About this task
Please repeat each line below exactly, with no images in the copy.

The records
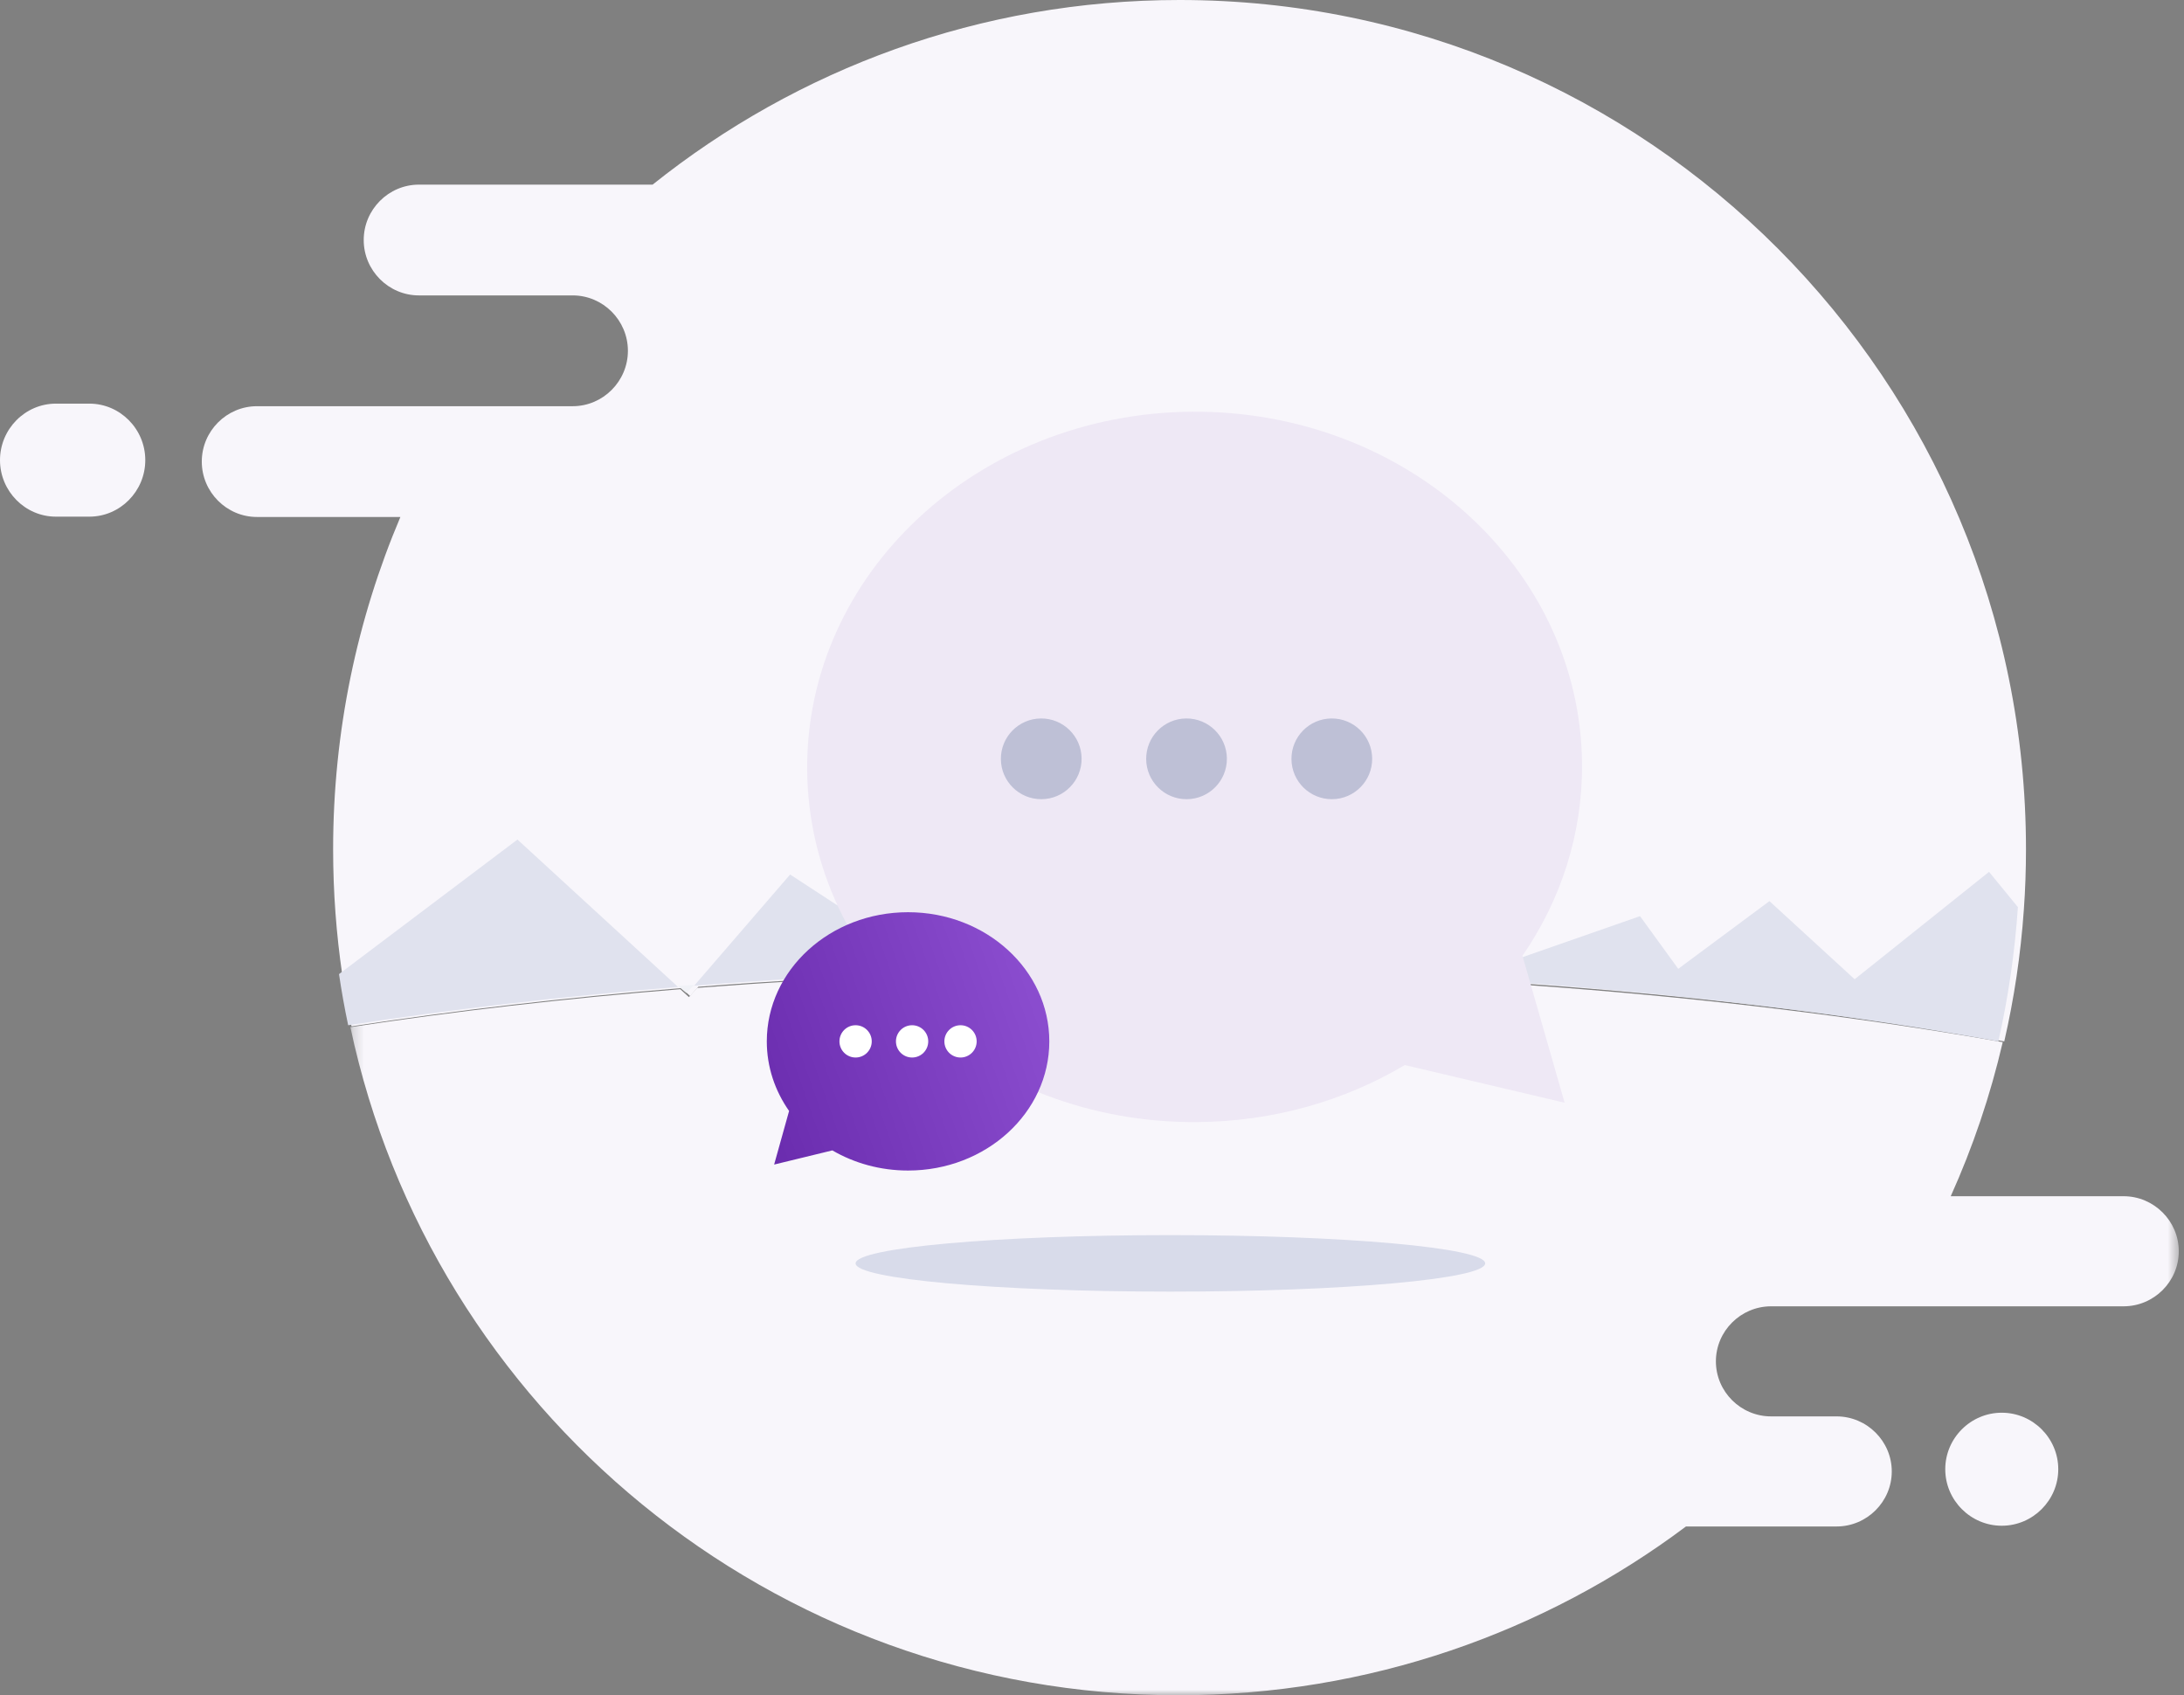 <svg width="201" height="156" viewBox="0 0 201 156" fill="none" xmlns="http://www.w3.org/2000/svg">
<rect x="0" y="0" width="201" height="156" fill="#808080" stroke="none"/>
<path fill-rule="evenodd" clip-rule="evenodd" d="M108.558 0C90.222 0 73.368 6.356 60.061 16.99H38.554C35.76 16.99 33.474 19.284 33.474 22.087C33.474 24.891 35.76 27.184 38.554 27.184H49.5H52.707C55.501 27.184 57.788 29.478 57.788 32.282C57.788 33.681 57.215 34.959 56.294 35.88C55.376 36.804 54.103 37.379 52.707 37.379H45.864H42.086H23.652C20.858 37.379 18.571 39.672 18.571 42.476C18.571 45.279 20.858 47.573 23.652 47.573H36.849C32.865 56.966 30.658 67.301 30.658 78.155C30.658 82.094 30.95 85.964 31.508 89.746C31.742 91.326 32.023 92.893 32.352 94.442C41.937 92.971 52.104 91.788 62.719 90.925L63.518 91.656L64.27 90.803C77.022 89.807 90.407 89.277 104.212 89.277C133.543 89.277 160.991 91.669 184.459 95.829C185.363 91.894 185.973 87.847 186.261 83.708C186.393 81.873 186.457 80.021 186.457 78.155C186.457 34.99 151.582 0 108.558 0Z" fill="#F8F6FB"/>
<path fill-rule="evenodd" clip-rule="evenodd" d="M8.225 37.143H5.146C2.316 37.143 0 39.483 0 42.343C0 45.203 2.316 47.543 5.146 47.543H8.225C11.056 47.543 13.371 45.203 13.371 42.343C13.371 39.483 11.056 37.143 8.225 37.143Z" fill="#F8F6FB"/>
<mask id="mask0" mask-type="alpha" maskUnits="userSpaceOnUse" x="32" y="89" width="169" height="68">
<path d="M200.52 89.39V156H116.383H32.247V89.39H200.52Z" fill="#F8F6FB"/>
</mask>
<g mask="url(#mask0)">
<path fill-rule="evenodd" clip-rule="evenodd" d="M200.52 115.143C200.52 117.929 198.234 120.208 195.44 120.208H162.998C161.603 120.208 160.33 120.779 159.412 121.697C158.491 122.612 157.919 123.882 157.919 125.273C157.919 128.059 160.204 130.338 162.998 130.338H169.025C170.42 130.338 171.694 130.909 172.611 131.827C173.532 132.742 174.105 134.012 174.105 135.403C174.105 138.189 171.819 140.468 169.025 140.468H155.166C142.146 150.22 125.967 156 108.434 156C70.987 156 39.713 129.646 32.247 94.522C41.829 93.06 51.994 91.885 62.606 91.027L63.405 91.753L64.157 90.906C76.906 89.916 90.288 89.39 104.09 89.39C133.413 89.39 160.854 91.767 184.317 95.9C183.176 100.823 181.564 105.564 179.532 110.078H195.44C196.839 110.078 198.105 110.649 199.026 111.567C199.947 112.482 200.52 113.752 200.52 115.143Z" fill="#F8F6FB"/>
</g>
<path fill-rule="evenodd" clip-rule="evenodd" d="M185.714 83.477C185.427 87.694 184.818 91.819 183.915 95.829C160.478 91.59 133.067 89.153 103.775 89.153C89.988 89.153 76.621 89.692 63.886 90.707L72.717 80.474L86.456 89.44L105.053 84.305L137.047 89.153L150.936 84.305L154.454 89.153L162.847 82.923L170.69 90.111L183.059 80.228L185.714 83.477Z" fill="#E0E2EE"/>
<path fill-rule="evenodd" clip-rule="evenodd" d="M140.118 87.954C143.636 82.841 145.651 76.776 145.599 70.286C145.455 52.235 129.374 37.73 109.682 37.887C89.989 38.044 74.142 52.806 74.287 70.857C74.431 88.907 90.512 103.413 110.204 103.256C117.24 103.2 123.784 101.278 129.284 98.009L143.997 101.473L140.118 87.954Z" fill="#EEE8F5"/>
<path fill-rule="evenodd" clip-rule="evenodd" d="M99.543 69.799C99.559 71.85 97.909 73.526 95.858 73.543C93.807 73.559 92.13 71.909 92.114 69.858C92.098 67.807 93.747 66.131 95.799 66.114C97.85 66.098 99.526 67.748 99.543 69.799Z" fill="#BEC0D6"/>
<path fill-rule="evenodd" clip-rule="evenodd" d="M112.914 69.799C112.931 71.85 111.281 73.526 109.23 73.543C107.178 73.559 105.502 71.909 105.486 69.858C105.469 67.807 107.119 66.131 109.17 66.114C111.221 66.098 112.898 67.748 112.914 69.799Z" fill="#BEC0D6"/>
<path fill-rule="evenodd" clip-rule="evenodd" d="M126.285 69.799C126.302 71.85 124.652 73.526 122.601 73.543C120.549 73.559 118.873 71.909 118.857 69.858C118.84 67.807 120.49 66.131 122.541 66.114C124.593 66.098 126.269 67.748 126.285 69.799Z" fill="#BEC0D6"/>
<path fill-rule="evenodd" clip-rule="evenodd" d="M63.886 90.628L63.165 91.371L62.4 90.735C62.893 90.697 63.389 90.661 63.886 90.628Z" fill="#F1F2F7"/>
<path fill-rule="evenodd" clip-rule="evenodd" d="M70.571 95.829C70.571 98.188 71.326 100.384 72.622 102.232L71.246 107.164L76.604 105.861C78.618 107.033 81.007 107.714 83.571 107.714C90.751 107.714 96.571 102.393 96.571 95.829C96.571 89.264 90.751 83.943 83.571 83.943C76.391 83.943 70.571 89.264 70.571 95.829Z" fill="url(#paint0_linear)"/>
<path fill-rule="evenodd" clip-rule="evenodd" d="M86.914 95.829C86.914 96.649 87.579 97.314 88.4 97.314C89.22 97.314 89.885 96.649 89.885 95.829C89.885 95.008 89.22 94.343 88.4 94.343C87.579 94.343 86.914 95.008 86.914 95.829Z" fill="white"/>
<path fill-rule="evenodd" clip-rule="evenodd" d="M82.457 95.829C82.457 96.649 83.122 97.314 83.943 97.314C84.763 97.314 85.428 96.649 85.428 95.829C85.428 95.008 84.763 94.343 83.943 94.343C83.122 94.343 82.457 95.008 82.457 95.829Z" fill="white"/>
<path fill-rule="evenodd" clip-rule="evenodd" d="M77.257 95.829C77.257 96.649 77.922 97.314 78.743 97.314C79.563 97.314 80.229 96.649 80.229 95.829C80.229 95.008 79.563 94.343 78.743 94.343C77.922 94.343 77.257 95.008 77.257 95.829Z" fill="white"/>
<path fill-rule="evenodd" clip-rule="evenodd" d="M62.4 90.82C51.789 91.685 41.625 92.869 32.043 94.343C31.715 92.791 31.434 91.222 31.2 89.639L47.624 77.257L62.4 90.82Z" fill="#E0E2EE"/>
<path fill-rule="evenodd" clip-rule="evenodd" d="M136.686 116.257C136.686 117.693 123.714 118.857 107.714 118.857C91.713 118.857 78.743 117.693 78.743 116.257C78.743 114.822 91.713 113.657 107.714 113.657C123.714 113.657 136.686 114.822 136.686 116.257Z" fill="#D8DBEA"/>
<path fill-rule="evenodd" clip-rule="evenodd" d="M184.228 140.4C181.368 140.4 179.028 138.06 179.028 135.2C179.028 132.34 181.368 130 184.228 130C187.088 130 189.428 132.34 189.428 135.2C189.428 138.06 187.088 140.4 184.228 140.4Z" fill="#F8F6FB"/>
<defs>
<linearGradient id="paint0_linear" x1="56.711" y1="114.746" x2="115.387" y2="94.22" gradientUnits="userSpaceOnUse">
<stop stop-color="#57199B"/>
<stop offset="0.76" stop-color="#8E50D2"/>
</linearGradient>
</defs>
</svg>

Expected answer
 <svg width="201" height="156" viewBox="0 0 201 156" fill="none" xmlns="http://www.w3.org/2000/svg">
<rect x="0" y="0" width="201" height="156" fill="#808080" stroke="none"/>
<path fill-rule="evenodd" clip-rule="evenodd" d="M108.558 0C90.222 0 73.368 6.356 60.061 16.99H38.554C35.76 16.99 33.474 19.284 33.474 22.087C33.474 24.891 35.76 27.184 38.554 27.184H49.5H52.707C55.501 27.184 57.788 29.478 57.788 32.282C57.788 33.681 57.215 34.959 56.294 35.88C55.376 36.804 54.103 37.379 52.707 37.379H45.864H42.086H23.652C20.858 37.379 18.571 39.672 18.571 42.476C18.571 45.279 20.858 47.573 23.652 47.573H36.849C32.865 56.966 30.658 67.301 30.658 78.155C30.658 82.094 30.95 85.964 31.508 89.746C31.742 91.326 32.023 92.893 32.352 94.442C41.937 92.971 52.104 91.788 62.719 90.925L63.518 91.656L64.27 90.803C77.022 89.807 90.407 89.277 104.212 89.277C133.543 89.277 160.991 91.669 184.459 95.829C185.363 91.894 185.973 87.847 186.261 83.708C186.393 81.873 186.457 80.021 186.457 78.155C186.457 34.99 151.582 0 108.558 0Z" fill="#F8F6FB"/>
<path fill-rule="evenodd" clip-rule="evenodd" d="M8.225 37.143H5.146C2.316 37.143 0 39.483 0 42.343C0 45.203 2.316 47.543 5.146 47.543H8.225C11.056 47.543 13.371 45.203 13.371 42.343C13.371 39.483 11.056 37.143 8.225 37.143Z" fill="#F8F6FB"/>
<mask id="mask0" mask-type="alpha" maskUnits="userSpaceOnUse" x="32" y="89" width="169" height="68">
<path d="M200.52 89.39V156H116.383H32.247V89.39H200.52Z" fill="#F8F6FB"/>
</mask>
<g mask="url(#mask0)">
<path fill-rule="evenodd" clip-rule="evenodd" d="M200.52 115.143C200.52 117.929 198.234 120.208 195.44 120.208H162.998C161.603 120.208 160.33 120.779 159.412 121.697C158.491 122.612 157.919 123.882 157.919 125.273C157.919 128.059 160.204 130.338 162.998 130.338H169.025C170.42 130.338 171.694 130.909 172.611 131.827C173.532 132.742 174.105 134.012 174.105 135.403C174.105 138.189 171.819 140.468 169.025 140.468H155.166C142.146 150.22 125.967 156 108.434 156C70.987 156 39.713 129.646 32.247 94.522C41.829 93.06 51.994 91.885 62.606 91.027L63.405 91.753L64.157 90.906C76.906 89.916 90.288 89.39 104.09 89.39C133.413 89.39 160.854 91.767 184.317 95.9C183.176 100.823 181.564 105.564 179.532 110.078H195.44C196.839 110.078 198.105 110.649 199.026 111.567C199.947 112.482 200.52 113.752 200.52 115.143Z" fill="#F8F6FB"/>
</g>
<path fill-rule="evenodd" clip-rule="evenodd" d="M185.714 83.477C185.427 87.694 184.818 91.819 183.915 95.829C160.478 91.59 133.067 89.153 103.775 89.153C89.988 89.153 76.621 89.692 63.886 90.707L72.717 80.474L86.456 89.44L105.053 84.305L137.047 89.153L150.936 84.305L154.454 89.153L162.847 82.923L170.69 90.111L183.059 80.228L185.714 83.477Z" fill="#E0E2EE"/>
<path fill-rule="evenodd" clip-rule="evenodd" d="M140.118 87.954C143.636 82.841 145.651 76.776 145.599 70.286C145.455 52.235 129.374 37.73 109.682 37.887C89.989 38.044 74.142 52.806 74.287 70.857C74.431 88.907 90.512 103.413 110.204 103.256C117.24 103.2 123.784 101.278 129.284 98.009L143.997 101.473L140.118 87.954Z" fill="#EEE8F5"/>
<path fill-rule="evenodd" clip-rule="evenodd" d="M99.543 69.799C99.559 71.85 97.909 73.526 95.858 73.543C93.807 73.559 92.13 71.909 92.114 69.858C92.098 67.807 93.747 66.131 95.799 66.114C97.85 66.098 99.526 67.748 99.543 69.799Z" fill="#BEC0D6"/>
<path fill-rule="evenodd" clip-rule="evenodd" d="M112.914 69.799C112.931 71.85 111.281 73.526 109.23 73.543C107.178 73.559 105.502 71.909 105.486 69.858C105.469 67.807 107.119 66.131 109.17 66.114C111.221 66.098 112.898 67.748 112.914 69.799Z" fill="#BEC0D6"/>
<path fill-rule="evenodd" clip-rule="evenodd" d="M126.285 69.799C126.302 71.85 124.652 73.526 122.601 73.543C120.549 73.559 118.873 71.909 118.857 69.858C118.84 67.807 120.49 66.131 122.541 66.114C124.593 66.098 126.269 67.748 126.285 69.799Z" fill="#BEC0D6"/>
<path fill-rule="evenodd" clip-rule="evenodd" d="M63.886 90.628L63.165 91.371L62.4 90.735C62.893 90.697 63.389 90.661 63.886 90.628Z" fill="#F1F2F7"/>
<path fill-rule="evenodd" clip-rule="evenodd" d="M70.571 95.829C70.571 98.188 71.326 100.384 72.622 102.232L71.246 107.164L76.604 105.861C78.618 107.033 81.007 107.714 83.571 107.714C90.751 107.714 96.571 102.393 96.571 95.829C96.571 89.264 90.751 83.943 83.571 83.943C76.391 83.943 70.571 89.264 70.571 95.829Z" fill="url(#paint0_linear)"/>
<path fill-rule="evenodd" clip-rule="evenodd" d="M86.914 95.829C86.914 96.649 87.579 97.314 88.4 97.314C89.22 97.314 89.885 96.649 89.885 95.829C89.885 95.008 89.22 94.343 88.4 94.343C87.579 94.343 86.914 95.008 86.914 95.829Z" fill="white"/>
<path fill-rule="evenodd" clip-rule="evenodd" d="M82.457 95.829C82.457 96.649 83.122 97.314 83.943 97.314C84.763 97.314 85.428 96.649 85.428 95.829C85.428 95.008 84.763 94.343 83.943 94.343C83.122 94.343 82.457 95.008 82.457 95.829Z" fill="white"/>
<path fill-rule="evenodd" clip-rule="evenodd" d="M77.257 95.829C77.257 96.649 77.922 97.314 78.743 97.314C79.563 97.314 80.229 96.649 80.229 95.829C80.229 95.008 79.563 94.343 78.743 94.343C77.922 94.343 77.257 95.008 77.257 95.829Z" fill="white"/>
<path fill-rule="evenodd" clip-rule="evenodd" d="M62.4 90.82C51.789 91.685 41.625 92.869 32.043 94.343C31.715 92.791 31.434 91.222 31.2 89.639L47.624 77.257L62.4 90.82Z" fill="#E0E2EE"/>
<path fill-rule="evenodd" clip-rule="evenodd" d="M136.686 116.257C136.686 117.693 123.714 118.857 107.714 118.857C91.713 118.857 78.743 117.693 78.743 116.257C78.743 114.822 91.713 113.657 107.714 113.657C123.714 113.657 136.686 114.822 136.686 116.257Z" fill="#D8DBEA"/>
<path fill-rule="evenodd" clip-rule="evenodd" d="M184.228 140.4C181.368 140.4 179.028 138.06 179.028 135.2C179.028 132.34 181.368 130 184.228 130C187.088 130 189.428 132.34 189.428 135.2C189.428 138.06 187.088 140.4 184.228 140.4Z" fill="#F8F6FB"/>
<defs>
<linearGradient id="paint0_linear" x1="56.711" y1="114.746" x2="115.387" y2="94.22" gradientUnits="userSpaceOnUse">
<stop stop-color="#57199B"/>
<stop offset="0.76" stop-color="#8E50D2"/>
</linearGradient>
</defs>
</svg>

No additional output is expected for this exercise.